* [DATA FOR ANALYSIS]

* * * * * * * * *

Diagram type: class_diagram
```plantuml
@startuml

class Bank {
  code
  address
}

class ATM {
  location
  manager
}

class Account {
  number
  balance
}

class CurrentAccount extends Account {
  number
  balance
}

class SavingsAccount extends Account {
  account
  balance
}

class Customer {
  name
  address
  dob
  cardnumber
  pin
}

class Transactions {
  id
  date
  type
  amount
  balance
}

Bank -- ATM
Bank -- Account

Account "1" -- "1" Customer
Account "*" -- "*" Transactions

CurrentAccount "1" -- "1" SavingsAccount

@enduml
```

* * * * * * * * *

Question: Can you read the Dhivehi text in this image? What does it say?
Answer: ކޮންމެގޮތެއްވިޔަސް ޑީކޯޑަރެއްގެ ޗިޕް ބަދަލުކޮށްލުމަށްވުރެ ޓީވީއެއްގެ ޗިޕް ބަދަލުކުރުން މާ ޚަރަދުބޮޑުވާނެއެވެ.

* * * * * * * * *

* [TASK DETAILS]
Within the listing above, the range opens at the line with "Question: Can you" and closes at the line with "Answer: ކޮންމެގޮތެއްވިޔަސް ޑީކޯޑަރެއްގެ". Reproduce exactly the lines of that range, including both ends.

* [YOUR SOLUTION]
Question: Can you read the Dhivehi text in this image? What does it say?
Answer: ކޮންމެގޮތެއްވިޔަސް ޑީކޯޑަރެއްގެ ޗިޕް ބަދަލުކޮށްލުމަށްވުރެ ޓީވީއެއްގެ ޗިޕް ބަދަލުކުރުން މާ ޚަރަދުބޮޑުވާނެއެވެ.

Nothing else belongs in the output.